Gli sforzi per agevolare il percorso di internazionalizzazione non mancano. Al Vinitaly Special Edition erano presenti buyer e delegazioni provenienti da Europa (con i Paesi del Nord, Germania e Franca in testa), Russia, Stati Uniti e Canada, Paesi che guidano la domanda di vino italiano in fiera, seguiti da Est Europa (Romania, Ucraina, Polonia, Bielorussia, Bulgaria e Repubblica Ceca), Regno Unito e Cina, che ha fatto il suo ritorno proprio a Verona. "Una geografia - commenta Giovanni Mantovani, direttore generale di Veronafiere - perfettamente allineata con i dati di crescita registrati sui mercati internazionali che, nei primi sette mesi di quest'anno, hanno rilevato complessivamente un rimbalzo del 15% sullo stesso periodo dell'anno scorso".
Dopo il rallentamento causato dal covid-19, l'export del vino italiano ha superato in molti mercati i valori del 2019. In base ai dati elaborati dall'Osservatorio Vinitaly-Nomisma Wine Monitor (Fonte: Agenzia delle Dogane) sui primi otto mesi del 2021 registrano una crescita in cinque dei principali mercati di destinazione (Cina +49,2%, Regno Unito +4,3%, Canada +13%, Giappone +1,5%, Russia +13%) su otto presi in esame.

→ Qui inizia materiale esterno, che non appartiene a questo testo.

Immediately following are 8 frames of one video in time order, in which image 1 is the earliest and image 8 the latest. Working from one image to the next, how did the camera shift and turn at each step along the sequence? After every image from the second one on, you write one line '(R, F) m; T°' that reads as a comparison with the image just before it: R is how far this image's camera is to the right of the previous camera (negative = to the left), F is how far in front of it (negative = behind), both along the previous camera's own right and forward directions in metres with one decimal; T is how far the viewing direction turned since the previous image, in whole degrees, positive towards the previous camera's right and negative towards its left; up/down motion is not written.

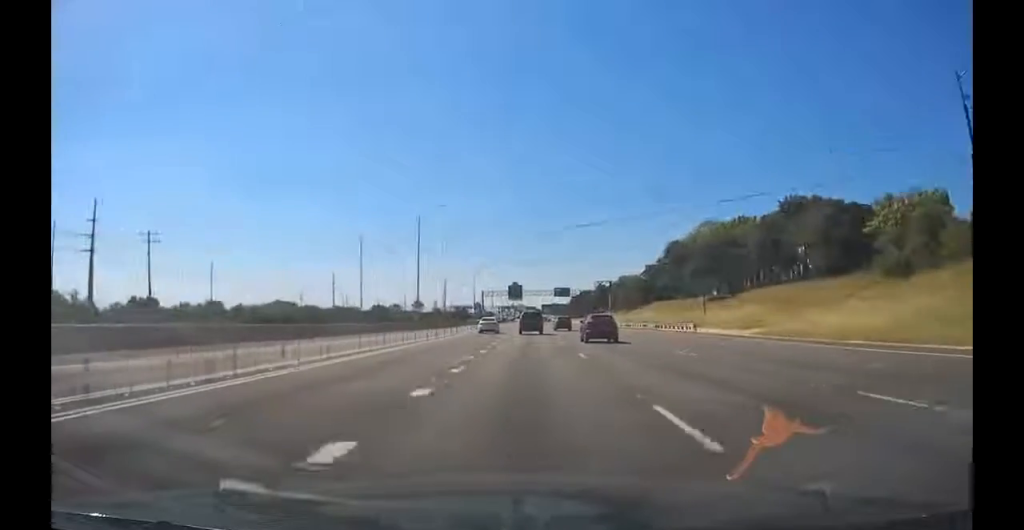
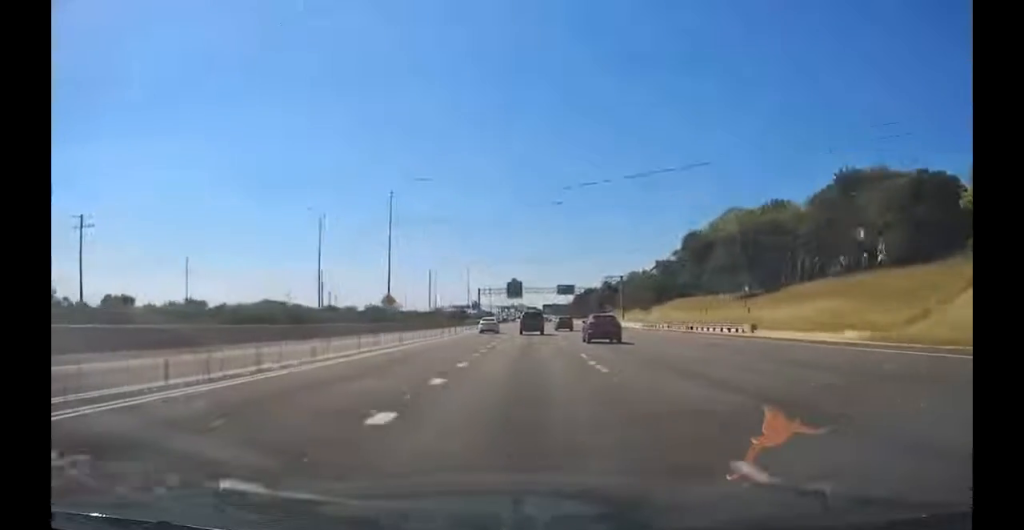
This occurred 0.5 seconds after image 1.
(-0.3, +16.0) m; 0°
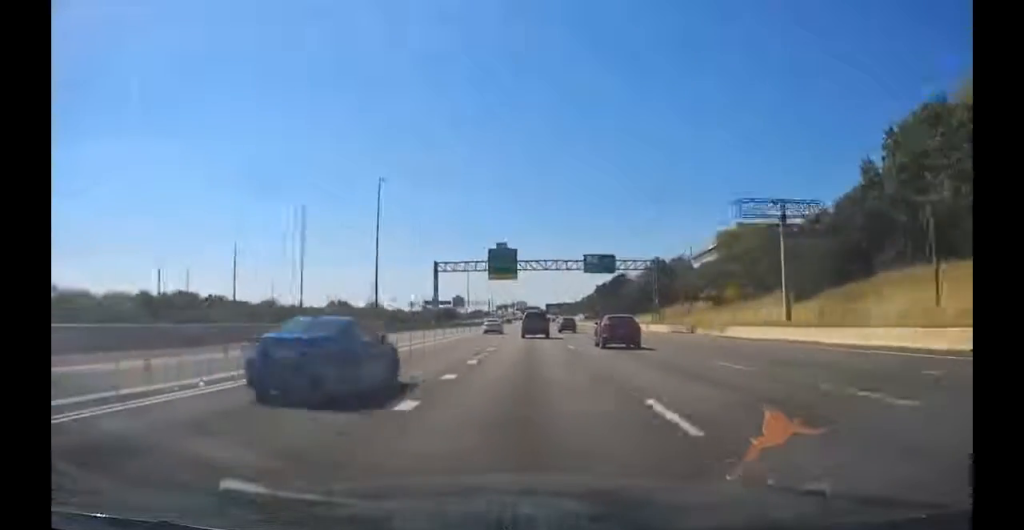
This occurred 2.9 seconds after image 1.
(+1.2, +81.6) m; -1°
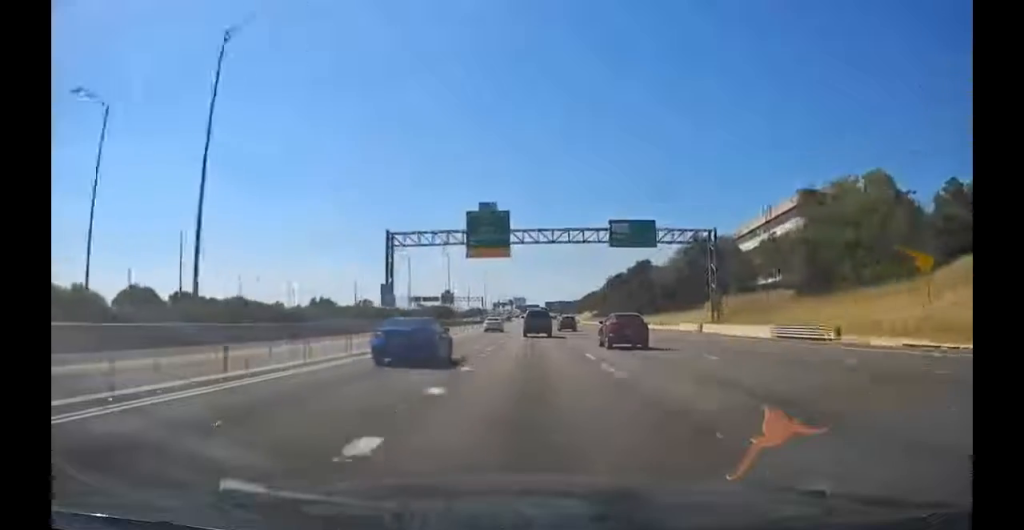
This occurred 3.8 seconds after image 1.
(-1.0, +30.1) m; 0°
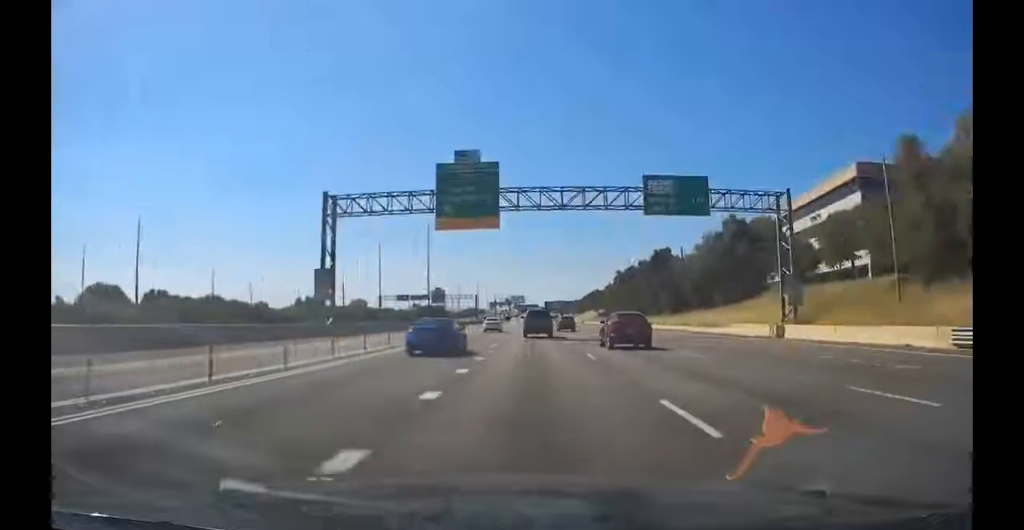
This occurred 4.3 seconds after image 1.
(+0.8, +18.9) m; +1°
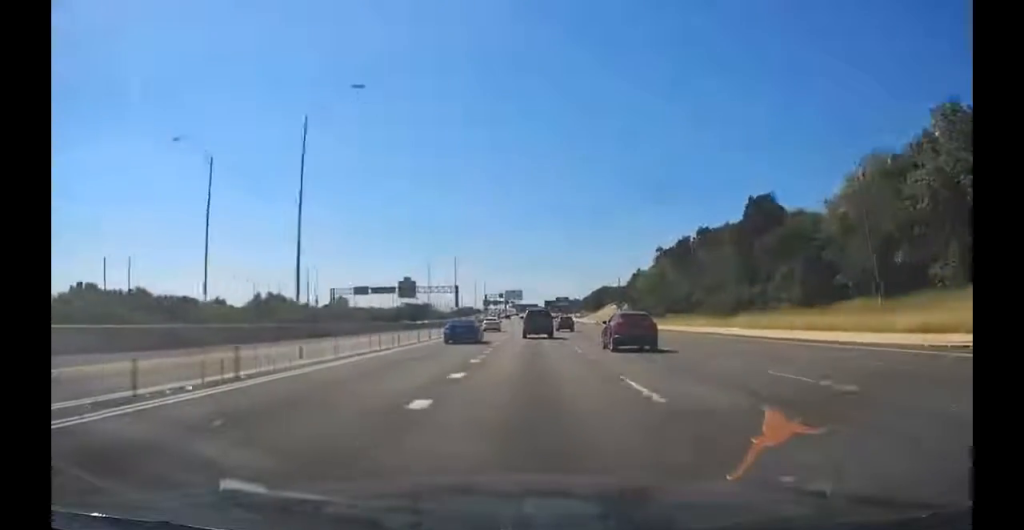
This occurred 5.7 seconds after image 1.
(-0.1, +45.5) m; 0°
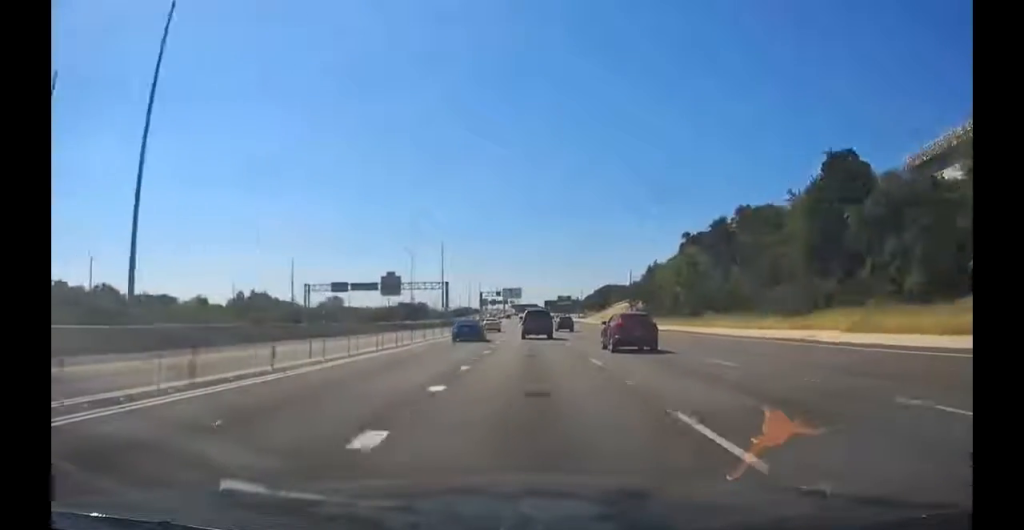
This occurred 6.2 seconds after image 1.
(+0.1, +15.5) m; 0°
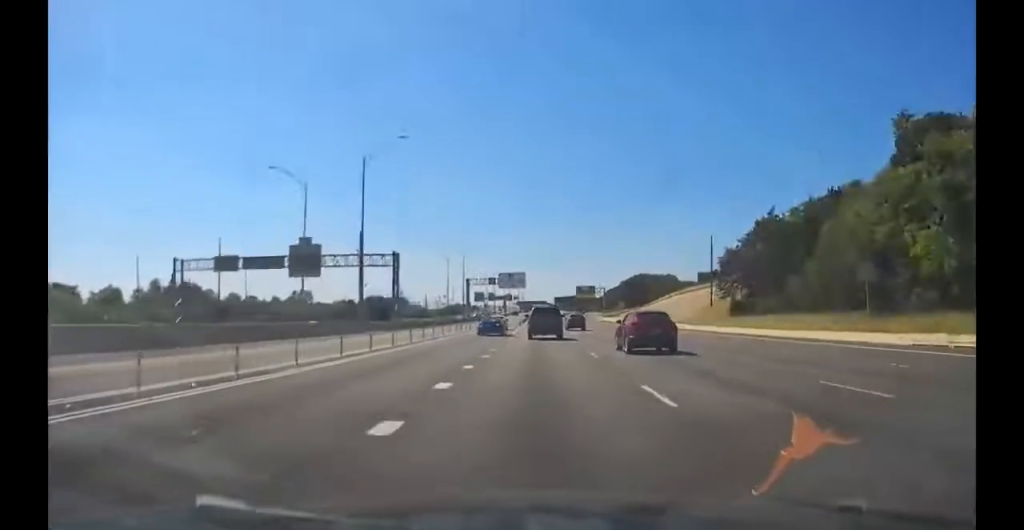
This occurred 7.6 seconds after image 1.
(+0.1, +41.3) m; 0°

Inoltre, fra gennaio e agosto gli acquisti cumulati di vino italiano negli Usa hanno raggiunto 1,3 miliardi di euro contro 1,1 miliardi di due anni fa; in Svizzera i valori hanno toccato i 267 milioni contro i 225 milioni del 2019; in Corea del Sud la crescita è addirittura del +123%.
Se Vinitaly e Verona restano un punto di riferimento per il vino italiano e per il business, dal palco della Special Edition l'invito del ministro delle Politiche Agricole, Stefano Patuanelli, è quello di "utilizzare i fondi del Pnrr, della Pac e del Governo per far sì che questo rimbalzo diventi crescita strutturale. Avremo a disposizione, fino al 2027, 323 milioni di euro per fare promozione sui mercati esteri attraverso l'Ocm Vino, che è stato confermato dalla Politica agricola comune".
Tiene banco anche la questione Prošek con l'annuncio del governatore del Veneto, Luca Zaia. "Abbiamo nuove carte e spiegheremo la situazione a Bruxelles". Con 700 milioni di bottiglie, la Dop del Prosecco non dovrebbe essere insidiata da una menzione generica che i croati chiedono per un vino dolce prodotto in 15-20mila bottiglie.
Lo spiega dettagliatamente Paolo De Castro, coordinatore Socialists & Democratics Commissione Agricoltura del Parlamento Ue. "Io credo che vinceremo, perché all'opposizione italiana all'utilizzo di questa menzione generica che i croati vogliono aggiungere alla loro Dop Dalmazia, ma che appunto è una menzione e non una denominazione Prošek, la quale sarebbe stata impossibile, si aggiunge il fatto che è comunque un pericoloso precedente che dobbiamo evitare".